When Google’s the library, who’s the librarian?

PaidContent says it’s a false alarm that Viacom will get personally identifiable information on our video viewing from YouTube and Google as part of its self-destructive lawsuit. Nonetheless, the episode has sparked the question I pose in the headline: When Google becomes our library, who acts as the librarian to protect our privacy as a matter of principle?

And what is the principle? Any site with content — Google, Amazon, a newspaper, a blog, an ISP — is now the moral equivalent of a library or bookstore, two institutions that try hard not to hand over information on what content we seek and consume arguing that that would violate our First Amendment rights. The controversy in the telco immunity legislation is that those searches were made without warrants. In this case, there is a warrant. When I ran sites, we got subpoenas all the time and handed over IP addresses when ordered; that was company policy. I always found it troubling and as a result ordered that we would change our data retention policy and get rid of IP addresses as soon as possible. Should Google and other sites erase IPs and rely only on cookies without personally identifiable information?

I say all this more as a question than as a statement. Viacom could have just as easily gotten our addresses and account names. Even as blind as Viacom is to the new reality — the suit itself is the proof of that — they realized, as PaidContent points out, that getting our personal viewing information would have turned them into a corporate peeping-tom pariah. So what is the principle and the law in your view? What should they be? And what are the practical tactics we should expect content sites to take? Should I be erasing my logs? Is that pointless because Google Analytics has them too? What gives?

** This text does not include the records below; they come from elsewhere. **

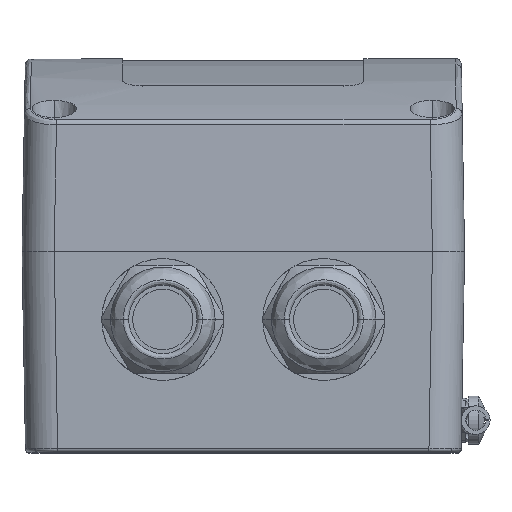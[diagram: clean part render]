
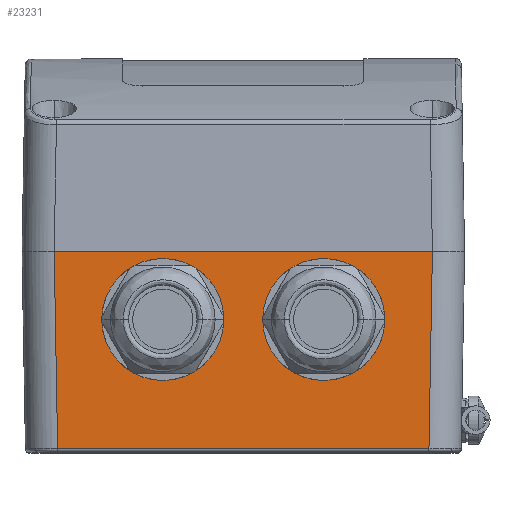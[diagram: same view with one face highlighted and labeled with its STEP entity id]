
A CAD part, top view. The second image highlights one B-rep face of the part: STEP entity #23231.
In plain terms, the highlighted planar face has unit normal (0, -0.018, 1).
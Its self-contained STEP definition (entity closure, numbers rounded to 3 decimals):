
#256 = CARTESIAN_POINT ( 'NONE',  ( -34.6, -17., 74.703 ) ) ;
#658 = VECTOR ( 'NONE', #2392, 1000. ) ;
#699 = EDGE_CURVE ( 'NONE', #24913, #20973, #22260, .T. ) ;
#885 = CARTESIAN_POINT ( 'NONE',  ( -18.377, -31.509, 74.45 ) ) ;
#1129 =( BOUNDED_CURVE ( )  B_SPLINE_CURVE ( 3, ( #20059, #21937, #21590, #23472 ),
 .UNSPECIFIED., .F., .T. ) 
 B_SPLINE_CURVE_WITH_KNOTS ( ( 4, 4 ),
 ( 3.253, 4.712 ),
 .UNSPECIFIED. ) 
 CURVE ( )  GEOMETRIC_REPRESENTATION_ITEM ( )  RATIONAL_B_SPLINE_CURVE ( ( 1., 0.83, 0.83, 1. ) ) 
 REPRESENTATION_ITEM ( '' )  );
#1433 =( BOUNDED_CURVE ( )  B_SPLINE_CURVE ( 3, ( #6482, #22417, #10376, #12504 ),
 .UNSPECIFIED., .F., .T. ) 
 B_SPLINE_CURVE_WITH_KNOTS ( ( 4, 4 ),
 ( 4.712, 7.854 ),
 .UNSPECIFIED. ) 
 CURVE ( )  GEOMETRIC_REPRESENTATION_ITEM ( )  RATIONAL_B_SPLINE_CURVE ( ( 1., 0.333, 0.333, 1. ) ) 
 REPRESENTATION_ITEM ( '' )  );
#1601 = ORIENTED_EDGE ( 'NONE', *, *, #6834, .F. ) ;
#1752 = VERTEX_POINT ( 'NONE', #15964 ) ;
#1822 = ORIENTED_EDGE ( 'NONE', *, *, #11397, .T. ) ;
#1850 = CARTESIAN_POINT ( 'NONE',  ( 46.146, -49.017, 74.144 ) ) ;
#1906 = CARTESIAN_POINT ( 'NONE',  ( -47.001, 0., 75. ) ) ;
#1912 = CARTESIAN_POINT ( 'NONE',  ( 46.146, -49.017, 74.144 ) ) ;
#1958 = ORIENTED_EDGE ( 'NONE', *, *, #18531, .T. ) ;
#2173 = CARTESIAN_POINT ( 'NONE',  ( 20., -31.509, 74.45 ) ) ;
#2392 = DIRECTION ( 'NONE',  ( -1., 0., 0. ) ) ;
#2674 = ORIENTED_EDGE ( 'NONE', *, *, #699, .F. ) ;
#3098 = CARTESIAN_POINT ( 'NONE',  ( -34.6, -17., 74.703 ) ) ;
#3491 = VERTEX_POINT ( 'NONE', #22756 ) ;
#3512 = CARTESIAN_POINT ( 'NONE',  ( 34.6, -24.815, 74.567 ) ) ;
#3641 = CARTESIAN_POINT ( 'NONE',  ( 34.6, -17., 74.703 ) ) ;
#3688 = CARTESIAN_POINT ( 'NONE',  ( -5.4, -17., 74.703 ) ) ;
#3698 = CARTESIAN_POINT ( 'NONE',  ( -47.001, 0., 75. ) ) ;
#3733 = EDGE_CURVE ( 'NONE', #6229, #1752, #16331, .T. ) ;
#3792 =( BOUNDED_CURVE ( )  B_SPLINE_CURVE ( 3, ( #4902, #10802, #20042, #885 ),
 .UNSPECIFIED., .F., .T. ) 
 B_SPLINE_CURVE_WITH_KNOTS ( ( 4, 4 ),
 ( 1.571, 3.03 ),
 .UNSPECIFIED. ) 
 CURVE ( )  GEOMETRIC_REPRESENTATION_ITEM ( )  RATIONAL_B_SPLINE_CURVE ( ( 1., 0.83, 0.83, 1. ) ) 
 REPRESENTATION_ITEM ( '' )  );
#3903 = CARTESIAN_POINT ( 'NONE',  ( 21.623, -31.509, 74.45 ) ) ;
#3995 = CARTESIAN_POINT ( 'NONE',  ( 5.4, -17., 74.703 ) ) ;
#4156 = CARTESIAN_POINT ( 'NONE',  ( -55., -49.017, 74.144 ) ) ;
#4271 = VERTEX_POINT ( 'NONE', #16770 ) ;
#4722 = VECTOR ( 'NONE', #5522, 1000. ) ;
#4723 = CARTESIAN_POINT ( 'NONE',  ( -55., 0., 75. ) ) ;
#4746 = VECTOR ( 'NONE', #20366, 1000. ) ;
#4902 = CARTESIAN_POINT ( 'NONE',  ( -5.4, -17., 74.703 ) ) ;
#5118 = FACE_BOUND ( 'NONE', #5974, .T. ) ;
#5522 = DIRECTION ( 'NONE',  ( 0.017, -1., -0.017 ) ) ;
#5667 = AXIS2_PLACEMENT_3D ( 'NONE', #4723, #8734, #23902 ) ;
#5823 = CARTESIAN_POINT ( 'NONE',  ( 10.61, -30.641, 74.465 ) ) ;
#5974 = EDGE_LOOP ( 'NONE', ( #10581, #1822, #1958, #14338 ) ) ;
#6229 = VERTEX_POINT ( 'NONE', #16365 ) ;
#6404 = EDGE_CURVE ( 'NONE', #1752, #3491, #21196, .T. ) ;
#6482 = CARTESIAN_POINT ( 'NONE',  ( 5.4, -17., 74.703 ) ) ;
#6834 = EDGE_CURVE ( 'NONE', #17180, #4271, #16050, .T. ) ;
#7538 = DIRECTION ( 'NONE',  ( 0.017, 1., 0.017 ) ) ;
#7787 = CARTESIAN_POINT ( 'NONE',  ( -34.6, 12.2, 75.213 ) ) ;
#7931 = VECTOR ( 'NONE', #19275, 1000. ) ;
#8734 = DIRECTION ( 'NONE',  ( 0., -0.017, 1. ) ) ;
#9721 = ORIENTED_EDGE ( 'NONE', *, *, #11214, .T. ) ;
#10376 = CARTESIAN_POINT ( 'NONE',  ( 34.6, 12.2, 75.213 ) ) ;
#10581 = ORIENTED_EDGE ( 'NONE', *, *, #13422, .T. ) ;
#10802 = CARTESIAN_POINT ( 'NONE',  ( -5.4, -24.815, 74.567 ) ) ;
#10943 = VERTEX_POINT ( 'NONE', #11854 ) ;
#10991 = CARTESIAN_POINT ( 'NONE',  ( -5.4, -17., 74.703 ) ) ;
#11035 = CARTESIAN_POINT ( 'NONE',  ( 47.001, 0., 75. ) ) ;
#11199 = CARTESIAN_POINT ( 'NONE',  ( -18.377, -31.509, 74.45 ) ) ;
#11214 = EDGE_CURVE ( 'NONE', #18447, #6229, #1433, .T. ) ;
#11263 =( BOUNDED_CURVE ( )  B_SPLINE_CURVE ( 3, ( #13634, #5823, #21362, #3995 ),
 .UNSPECIFIED., .F., .T. ) 
 B_SPLINE_CURVE_WITH_KNOTS ( ( 4, 4 ),
 ( 3.253, 4.712 ),
 .UNSPECIFIED. ) 
 CURVE ( )  GEOMETRIC_REPRESENTATION_ITEM ( )  RATIONAL_B_SPLINE_CURVE ( ( 1., 0.83, 0.83, 1. ) ) 
 REPRESENTATION_ITEM ( '' )  );
#11397 = EDGE_CURVE ( 'NONE', #10943, #19528, #1129, .T. ) ;
#11677 = ORIENTED_EDGE ( 'NONE', *, *, #23324, .T. ) ;
#11854 = CARTESIAN_POINT ( 'NONE',  ( -21.623, -31.509, 74.45 ) ) ;
#12063 = ORIENTED_EDGE ( 'NONE', *, *, #3733, .T. ) ;
#12504 = CARTESIAN_POINT ( 'NONE',  ( 34.6, -17., 74.703 ) ) ;
#13024 = CARTESIAN_POINT ( 'NONE',  ( 0., 0., 75. ) ) ;
#13422 = EDGE_CURVE ( 'NONE', #19871, #10943, #23309, .T. ) ;
#13568 = ORIENTED_EDGE ( 'NONE', *, *, #15621, .T. ) ;
#13634 = CARTESIAN_POINT ( 'NONE',  ( 18.377, -31.509, 74.45 ) ) ;
#14338 = ORIENTED_EDGE ( 'NONE', *, *, #24209, .T. ) ;
#14394 = FACE_BOUND ( 'NONE', #18193, .T. ) ;
#14693 = VECTOR ( 'NONE', #15491, 1000. ) ;
#15479 = CARTESIAN_POINT ( 'NONE',  ( -5.4, 12.2, 75.213 ) ) ;
#15491 = DIRECTION ( 'NONE',  ( -1., 0., 0. ) ) ;
#15621 = EDGE_CURVE ( 'NONE', #17180, #20973, #21318, .T. ) ;
#15964 = CARTESIAN_POINT ( 'NONE',  ( 21.623, -31.509, 74.45 ) ) ;
#16050 = LINE ( 'NONE', #4156, #658 ) ;
#16331 =( BOUNDED_CURVE ( )  B_SPLINE_CURVE ( 3, ( #3641, #3512, #24902, #3903 ),
 .UNSPECIFIED., .F., .T. ) 
 B_SPLINE_CURVE_WITH_KNOTS ( ( 4, 4 ),
 ( 1.571, 3.03 ),
 .UNSPECIFIED. ) 
 CURVE ( )  GEOMETRIC_REPRESENTATION_ITEM ( )  RATIONAL_B_SPLINE_CURVE ( ( 1., 0.83, 0.83, 1. ) ) 
 REPRESENTATION_ITEM ( '' )  );
#16365 = CARTESIAN_POINT ( 'NONE',  ( 34.6, -17., 74.703 ) ) ;
#16770 = CARTESIAN_POINT ( 'NONE',  ( -46.146, -49.017, 74.144 ) ) ;
#17180 = VERTEX_POINT ( 'NONE', #1850 ) ;
#17270 = VERTEX_POINT ( 'NONE', #10991 ) ;
#17371 = CARTESIAN_POINT ( 'NONE',  ( -20., -31.509, 74.45 ) ) ;
#18097 = PLANE ( 'NONE',  #5667 ) ;
#18130 = EDGE_LOOP ( 'NONE', ( #13568, #2674, #22946, #1601 ) ) ;
#18193 = EDGE_LOOP ( 'NONE', ( #24487, #11677, #9721, #12063 ) ) ;
#18357 = FACE_OUTER_BOUND ( 'NONE', #18130, .T. ) ;
#18447 = VERTEX_POINT ( 'NONE', #22188 ) ;
#18501 = EDGE_CURVE ( 'NONE', #24913, #4271, #19169, .T. ) ;
#18516 =( BOUNDED_CURVE ( )  B_SPLINE_CURVE ( 3, ( #256, #7787, #15479, #3688 ),
 .UNSPECIFIED., .F., .T. ) 
 B_SPLINE_CURVE_WITH_KNOTS ( ( 4, 4 ),
 ( 4.712, 7.854 ),
 .UNSPECIFIED. ) 
 CURVE ( )  GEOMETRIC_REPRESENTATION_ITEM ( )  RATIONAL_B_SPLINE_CURVE ( ( 1., 0.333, 0.333, 1. ) ) 
 REPRESENTATION_ITEM ( '' )  );
#18531 = EDGE_CURVE ( 'NONE', #19528, #17270, #18516, .T. ) ;
#19169 = LINE ( 'NONE', #1906, #4722 ) ;
#19275 = DIRECTION ( 'NONE',  ( -1., 0., 0. ) ) ;
#19528 = VERTEX_POINT ( 'NONE', #3098 ) ;
#19871 = VERTEX_POINT ( 'NONE', #11199 ) ;
#20042 = CARTESIAN_POINT ( 'NONE',  ( -10.61, -30.641, 74.465 ) ) ;
#20059 = CARTESIAN_POINT ( 'NONE',  ( -21.623, -31.509, 74.45 ) ) ;
#20366 = DIRECTION ( 'NONE',  ( 1., 0., 0. ) ) ;
#20973 = VERTEX_POINT ( 'NONE', #11035 ) ;
#21114 = VECTOR ( 'NONE', #7538, 1000. ) ;
#21196 = LINE ( 'NONE', #2173, #14693 ) ;
#21318 = LINE ( 'NONE', #1912, #21114 ) ;
#21362 = CARTESIAN_POINT ( 'NONE',  ( 5.4, -24.815, 74.567 ) ) ;
#21590 = CARTESIAN_POINT ( 'NONE',  ( -34.6, -24.815, 74.567 ) ) ;
#21937 = CARTESIAN_POINT ( 'NONE',  ( -29.39, -30.641, 74.465 ) ) ;
#22188 = CARTESIAN_POINT ( 'NONE',  ( 5.4, -17., 74.703 ) ) ;
#22260 = LINE ( 'NONE', #13024, #4746 ) ;
#22417 = CARTESIAN_POINT ( 'NONE',  ( 5.4, 12.2, 75.213 ) ) ;
#22756 = CARTESIAN_POINT ( 'NONE',  ( 18.377, -31.509, 74.45 ) ) ;
#22946 = ORIENTED_EDGE ( 'NONE', *, *, #18501, .T. ) ;
#23231 = ADVANCED_FACE ( 'NONE', ( #5118, #14394, #18357 ), #18097, .T. ) ;
#23309 = LINE ( 'NONE', #17371, #7931 ) ;
#23324 = EDGE_CURVE ( 'NONE', #3491, #18447, #11263, .T. ) ;
#23472 = CARTESIAN_POINT ( 'NONE',  ( -34.6, -17., 74.703 ) ) ;
#23902 = DIRECTION ( 'NONE',  ( 0., -1., -0.017 ) ) ;
#24209 = EDGE_CURVE ( 'NONE', #17270, #19871, #3792, .T. ) ;
#24487 = ORIENTED_EDGE ( 'NONE', *, *, #6404, .T. ) ;
#24902 = CARTESIAN_POINT ( 'NONE',  ( 29.39, -30.641, 74.465 ) ) ;
#24913 = VERTEX_POINT ( 'NONE', #3698 ) ;

: LATER: Bob Wyman adds in the comments:

PaidContent was spun… They are wrong. Viacom claims that they will receive no “personally identifiable information” because they managed to get the judge to accept that “login id is a pseudonym … which … ‘cannot identify specific individuals’” (See pages 13-14 of the ruling). The judge granted Viacom’s demand to receive “all data from the Logging database” — including login id.

I don’t know about you, but I sure think my Google “login id” does a pretty good job of identifying me…

:UPDATE: the Journal has a good July 4 story outlining how Google is trying to get Viacom to agree to scrubbing personally identifiable information out of the data because of the uproar over it.

We need a principle as we have one governing the ethics and if possible the behavior of bookstores and libraries. Google is the library.